1981 Volume 36 Issue 4 Pages 678-686
In order to ascertain the relationship between the cause of death and social environment, after a principal component analysis, the authors applied a varimax rotation to the statistical data obtained in 1970 and 1975, for all Japanese prefectures except Okinawa.
Twelve of the major causes of death, including lung and stomach cancers, and seven socio-geographical conditions were selected as variables. As a result of factor analysis, three factors were extracted.
The first factor (F1) accounted for about 30% of the total variance. It represented characteristic disease patterns, possibly due to urbanization. Prefectures could be classified into those where high death rates due to lung cancer accorded with the degree of urbanization, and into those rural areas where accidents were the major cause of death.

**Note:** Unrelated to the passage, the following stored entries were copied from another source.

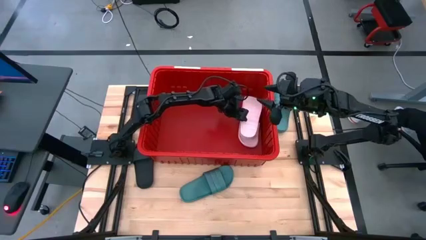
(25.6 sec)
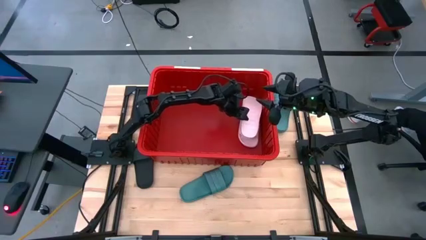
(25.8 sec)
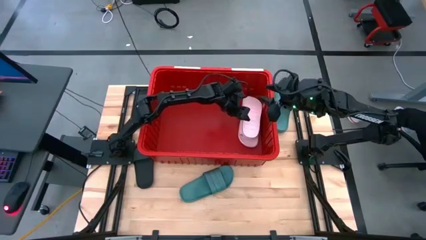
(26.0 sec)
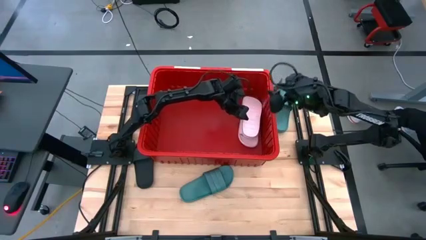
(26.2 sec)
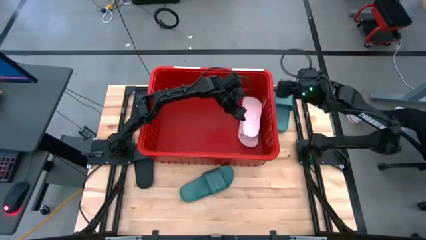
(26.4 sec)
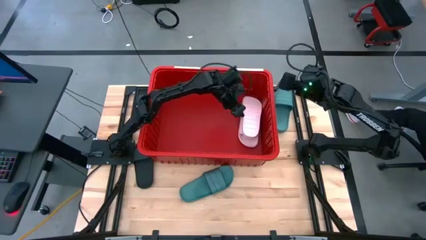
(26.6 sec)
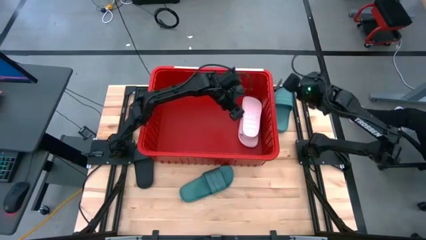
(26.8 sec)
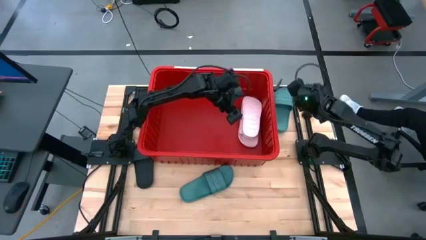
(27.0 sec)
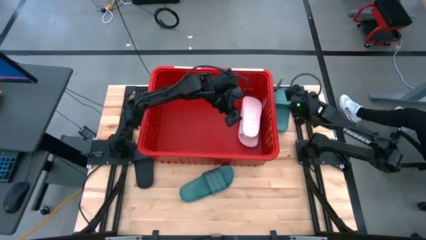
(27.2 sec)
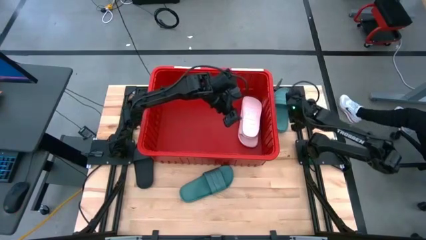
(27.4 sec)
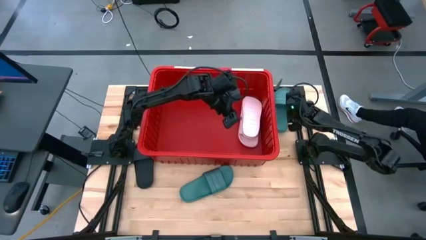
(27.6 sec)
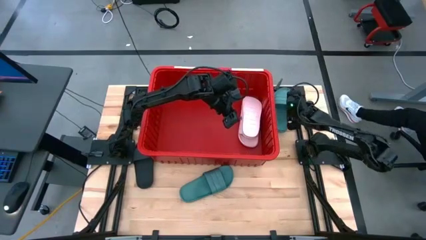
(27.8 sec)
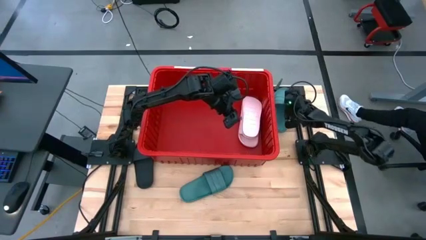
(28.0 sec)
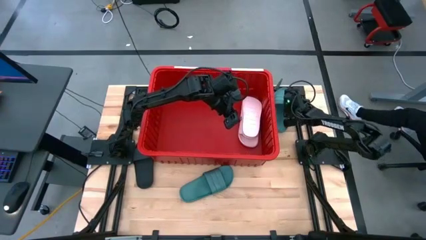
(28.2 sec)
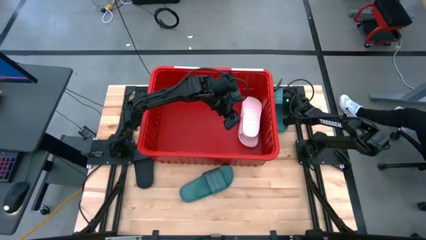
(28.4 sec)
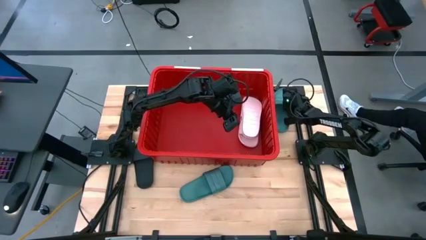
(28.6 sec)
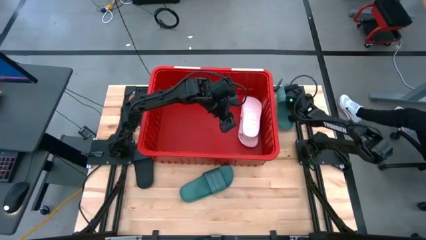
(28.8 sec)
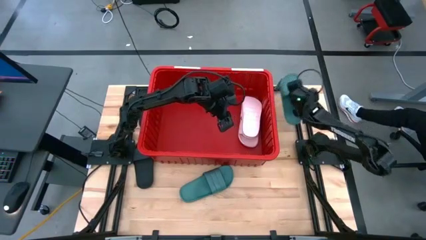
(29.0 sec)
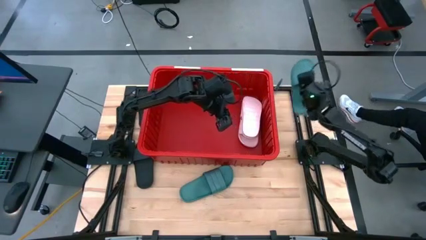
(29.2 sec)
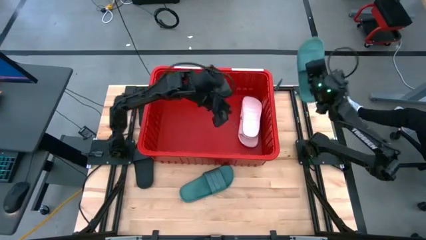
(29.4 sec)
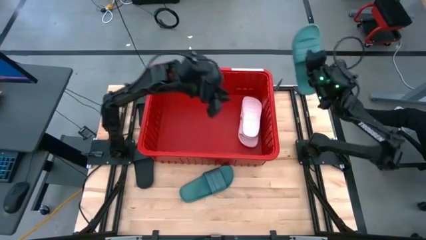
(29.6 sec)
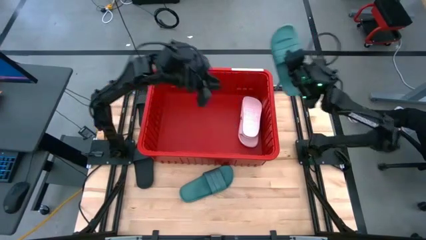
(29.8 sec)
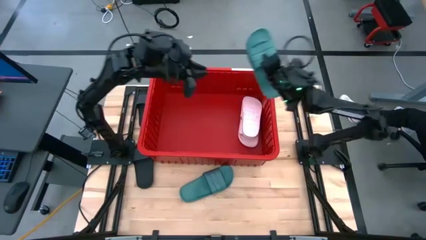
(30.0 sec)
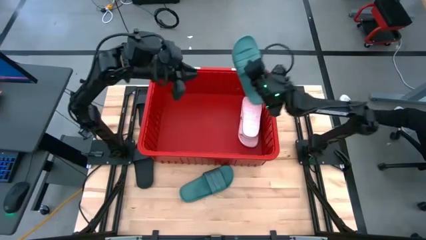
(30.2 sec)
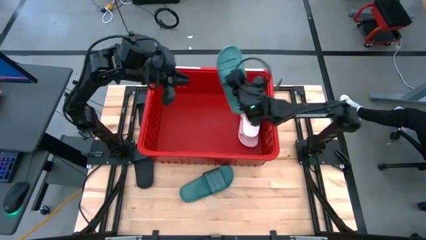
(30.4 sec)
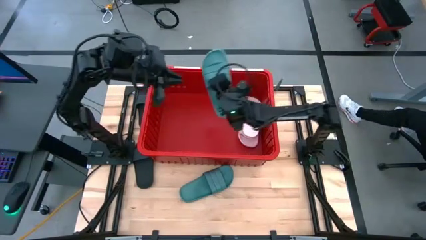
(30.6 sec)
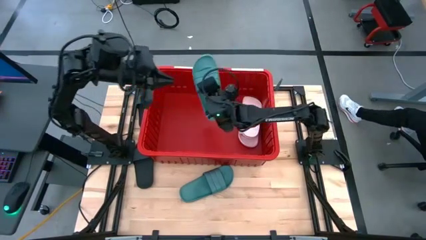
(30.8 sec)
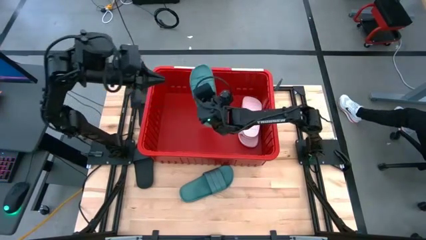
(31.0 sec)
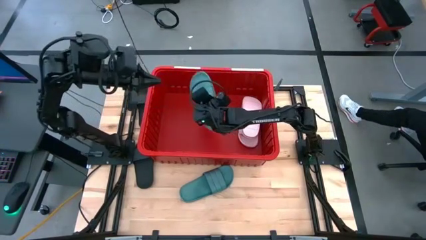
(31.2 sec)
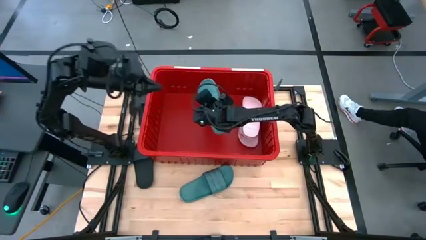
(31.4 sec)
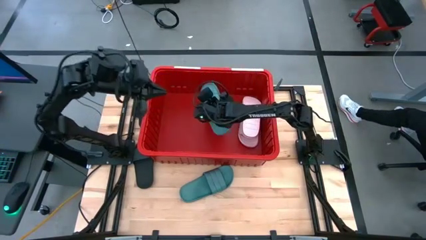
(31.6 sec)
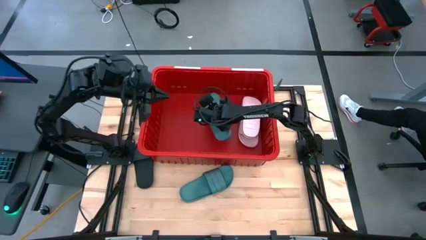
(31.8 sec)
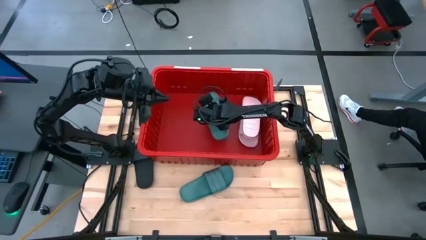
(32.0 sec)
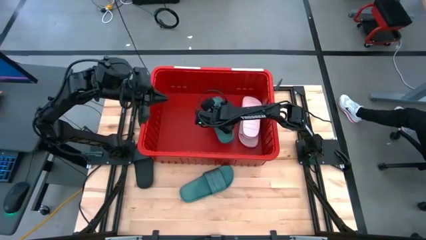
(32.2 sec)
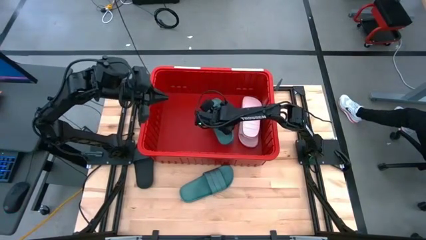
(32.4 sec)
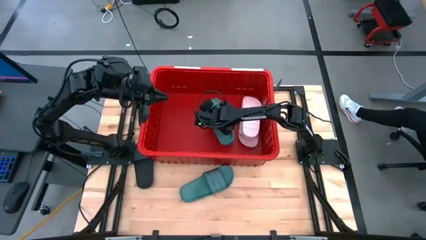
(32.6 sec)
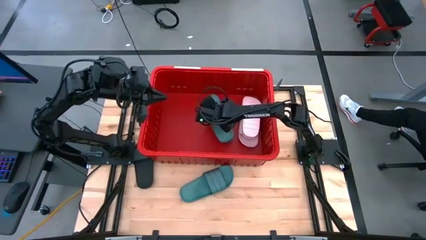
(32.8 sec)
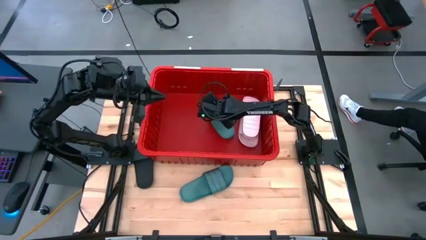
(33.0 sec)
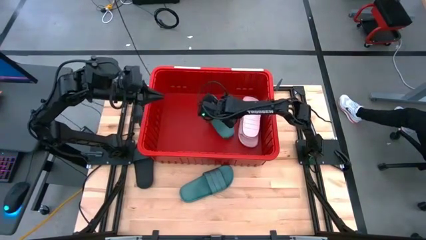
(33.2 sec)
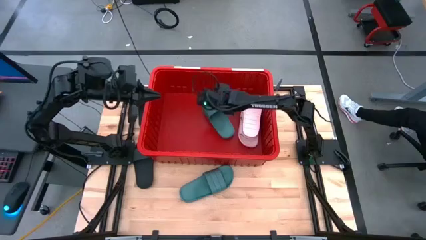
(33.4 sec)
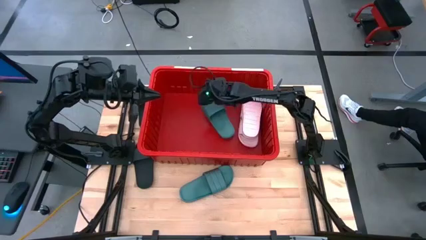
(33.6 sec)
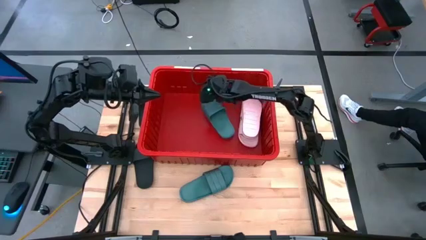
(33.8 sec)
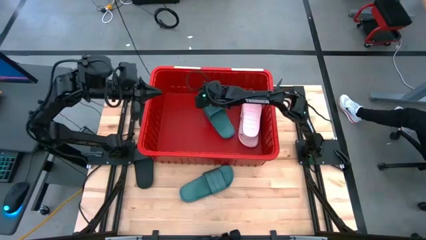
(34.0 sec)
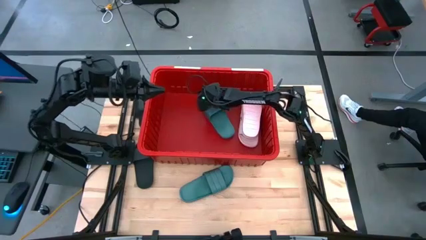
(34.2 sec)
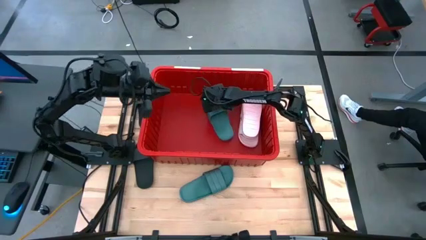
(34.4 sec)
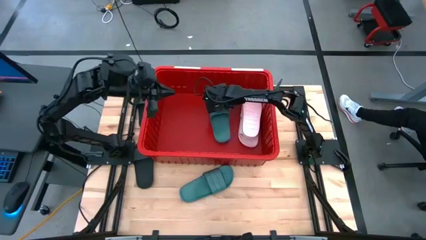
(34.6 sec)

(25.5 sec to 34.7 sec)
Task: Pick and place slides into bin
Put the top green slide in the red bin

The second factor (F2) accounted for about 18% of the total variance. It represented disease patterns posibly based on temperature. Prefectures were classified into those where major causes of death included liver cirrhosis, tuberculosis and hypertension-i.e. western Japan-and those where stomach cancer and cardiovascular disease were the major causes-i.e. eastern Japan.
The third factor (F3) was characteristic of rural areas in northern Japan.
Standardized scores from (F1), (F2) and (F3) were plotted for 1975, and twelve prefecture types were obtained.
Death rates from the twelve diseases between 1972 and 1977 for the twenty-five cities in Yamaguchi Prefecture were calculated with reference to the five social environmental conditions measured by officical statistics for each municipality.